Reasons for Judgment
Delivered by the Honourable Justice S.N. Latimer
on April 9, 2018 at Kitchener, Ontario
Section 486.4(2.1) Criminal Code publication ban
Appearances
C. Jennison – Counsel for the Provincial Crown
H. Mattson – Counsel for D.W.
Reasons for Judgment
LATIMER, J. (Orally):
Introduction
D.W. is charged that on March 7, 2017, he assaulted his daughter, M., by spanking her excessively in a manner that would be deemed unreasonable by Section 43 of the Criminal Code.
On the basis of the evidence adduced the defence acknowledged the key issue is the identity of M.'s assailant. The Crown theory is that the relevant application of force occurred in the morning on March 7th during a time when the defendant had the exclusive opportunity to commit the offence.
I should say at the outset there is a strong temptation in a case of this kind to approach the evidence in an inquiry-like format to ask "who is most likely to have committed this offence". Despite this temptation, I expressly remind myself that the criminal burden of proof requires me to ask a different question - has the Crown proven beyond a reasonable doubt that D.W. committed the offence of assault.
Facts
M.W., a five-year old girl, was brought to McMaster Children's Hospital on March 7, 2017, as a result of a joint CAS police investigation that had begun earlier in the day. They arrived at the hospital at 6:47 p.m. and were seen approximately one hour later. M. was brought by her parents, D. and K.W.
Dr. John Burke Baird is a doctor on staff at the Children's Hospital. His specialization is pediatrics and, in particular, child maltreatment. He was qualified on consent in this case to give opinion evidence in both areas before me.
During his testimony, Dr. Baird adopted a prior report that is an exhibit that he had written discussing his various findings in relation to M. What is presently relevant are his observations of obvious and severe bruising to her buttocks.
Dr. Baird testified generally about how bruising occurs in the human body. Our bodies have the capacity to absorb a certain amount of force without internal or external injury. The amount of that force depends on the part of the body to which force is being applied and the relative fleshiness of the contact point. Bruising occurs when the force exceeds what the particular part of the body can bear and as a result localized damage is caused to nearby blood vessels. This causes blood to leak into the surrounding tissue causing a chemical breakdown that results in the discolouration we commonly associate with bruising. It is not medically possible to age a bruise on the basis of an external examination as bruises of a similar age can look quite different, and bruises of different ages can look quite similar. A bruise can be externally visible for up to a period of weeks. Dr. Baird could not put a date to the injuries to M.'s buttocks but did agree that it could have been caused on the morning of March 7th between 9:30 and 12:30 p.m.

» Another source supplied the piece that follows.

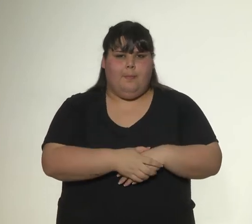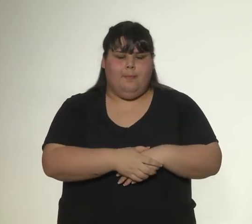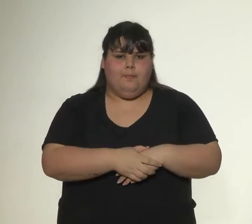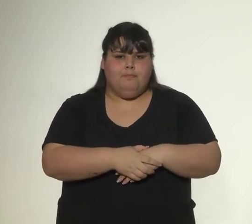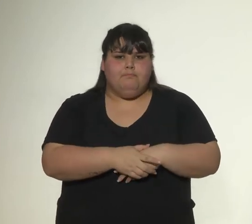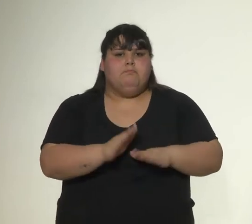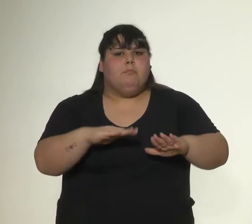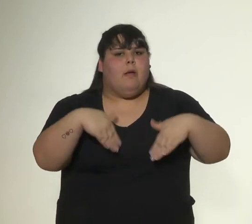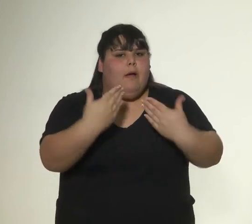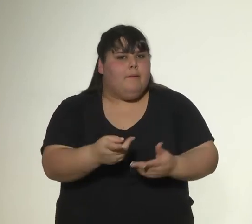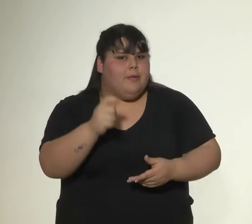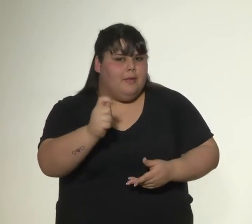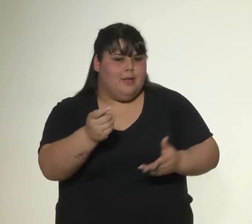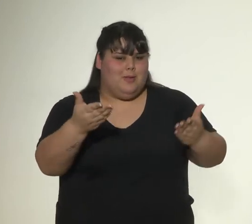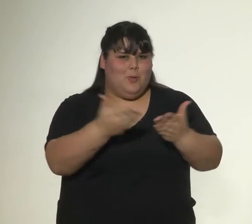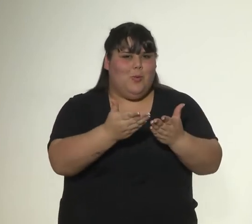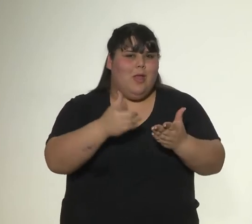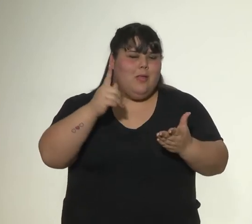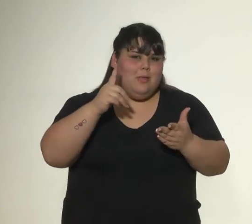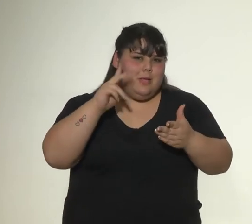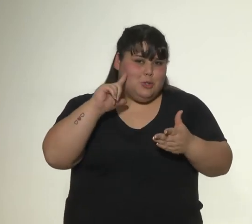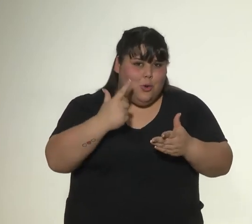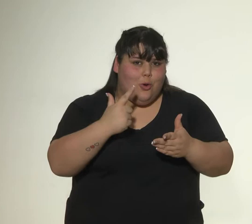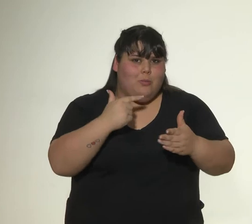beneficien el desarrollo integral del estudiante sordo, etc.

Dr. Baird's testimony discussed bruises generally and the types of bruises that would cause him concern regarding assaultive applications of force or other types of maltreatment. While bruising is a normal part of childhood, patterned or shaped bruising is not, and is often indicative of intentionally inflicted injuries. The presence of some medical conditions like a blood clotting disorder could account for the bruising but such disorders were ruled out in M.'s case.
Moving to M.'s bruising, specifically, there is obvious injury to her buttocks area as depicted in exhibits 3 A through C. Dr. Baird explained that the buttocks are highly effective at absorbing and dissipating impact energy because of the nature of human anatomy. With that in mind, to cause the level of injury M. suffered would have required multiple impacts of great velocity. The curvilinear lines on the bruising are strikingly similar to other injuries Dr. Baird has observed during his career that were caused by an adult hand. There is an "immediately recognizable pattern".
In Dr. Baird's view, "the only reasonable conclusion for M.'s buttocks bruising is multiple, highly forceful impacts, most likely by an adult hand". The amount of force required would surely have caused M. to be crying and upset. No medication was prescribed and the injury healed on its own.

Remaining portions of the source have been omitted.